Stranded Assets–Modulo 2: Protezione Ambientale is a modified reproduction of a regulations and emissions handbook retrieved from the recently decommissioned coal-fired Giuseppe Volpi power station in Porto Marghera, Venice. Lewitt retrieved this handbook in the course of research for his work Stranded Assets at the 57th Biennale d’Arte Venezia.
The general set of operational standards presented and explained in this handbook are paired against fragments and images taken from the Volpi plant, inserting particular fragments from this defunct energy infrastructure against the legislative context that prescribed its operation. Most conspicuously, transparency pages depicting four lamps featured in the central stairwell of the power station are evenly dispersed throughout the book. The lamps’ form resembles an open book whose ‘pages’ are populated with vertical rows of glass rods, through which light is refracted into the building’s stairwell.

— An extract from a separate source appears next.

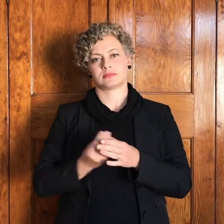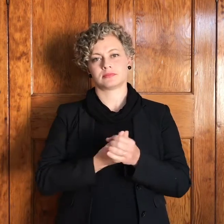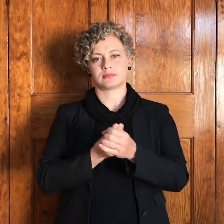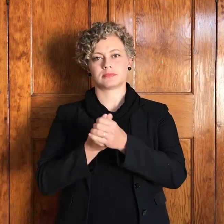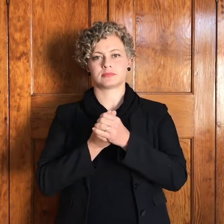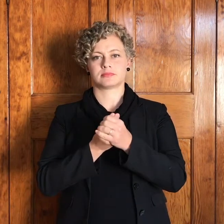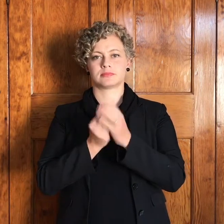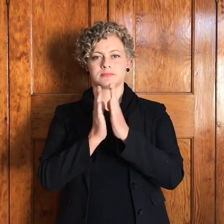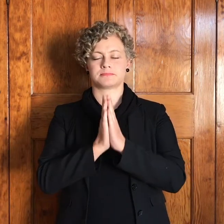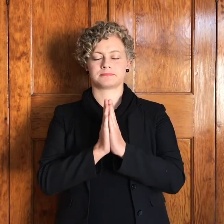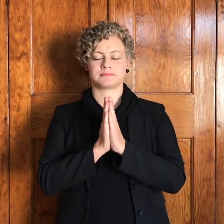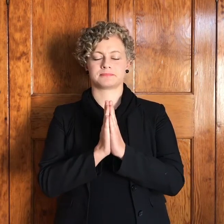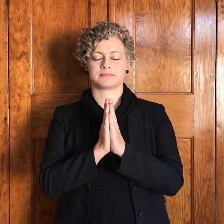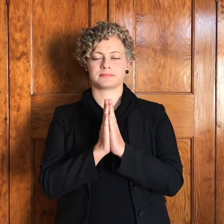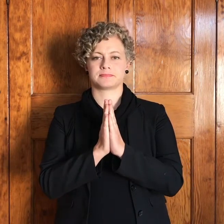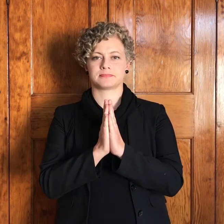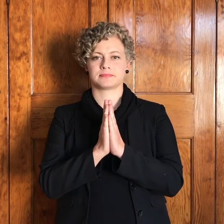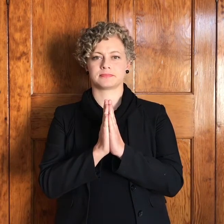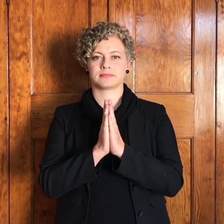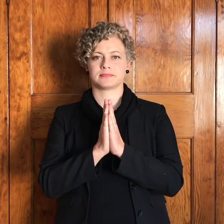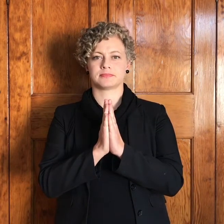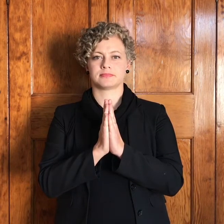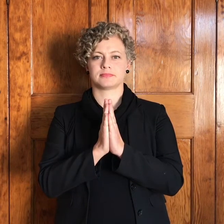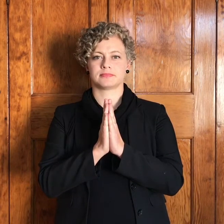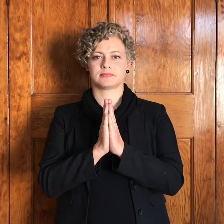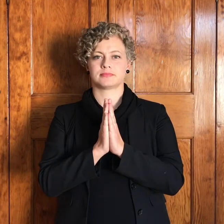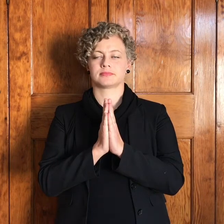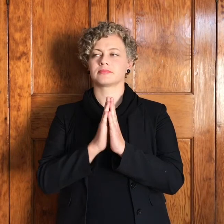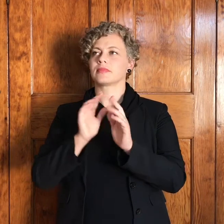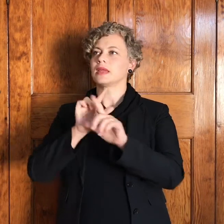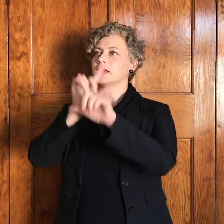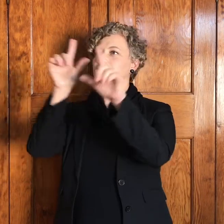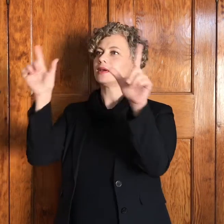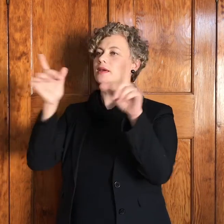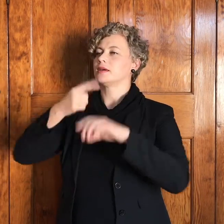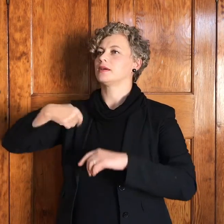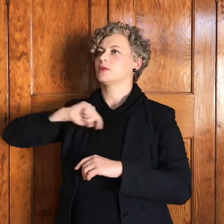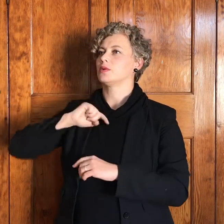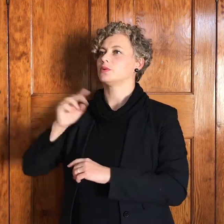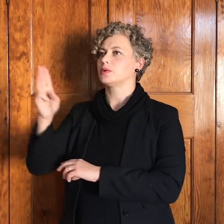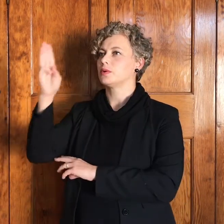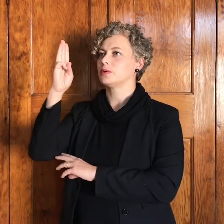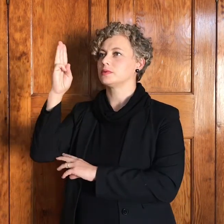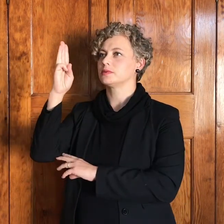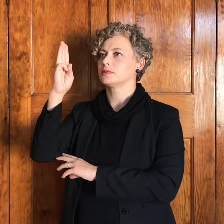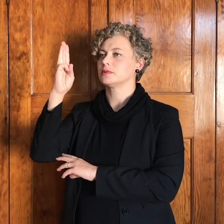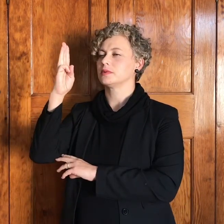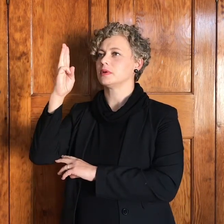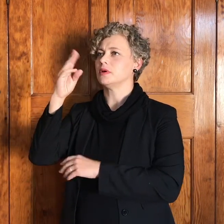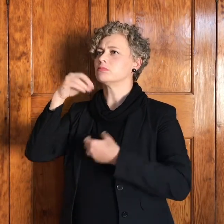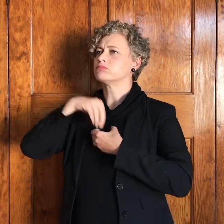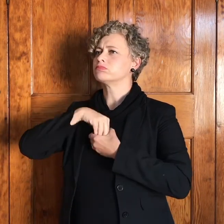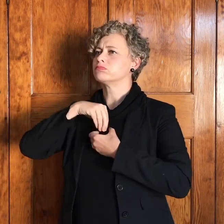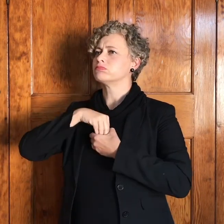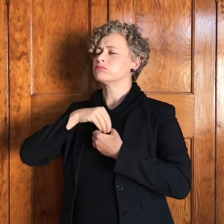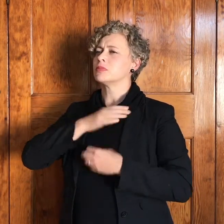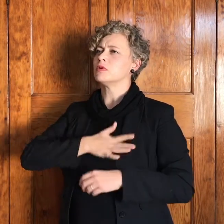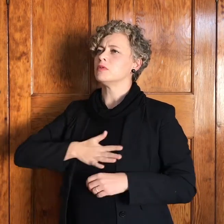Kom ons bid saam. Heere, onse God, in ons is daar een vreemde verlange,

Lewitt’s contribution to the Biennale consists in temporarily displacing these lamps into the Venetian Arsenale—the former site of the turbines that powered Venice, which was taken over by the Volpi plant. In his installation in the Arsenale, the original lamps illuminate his designated exhibition area. As an updated facsimile of an ENEL technical manual detailing emissions standards, the book pursues the gap that persists between the experience of a well-lit space of representation, and control of the energy commodity that lights it.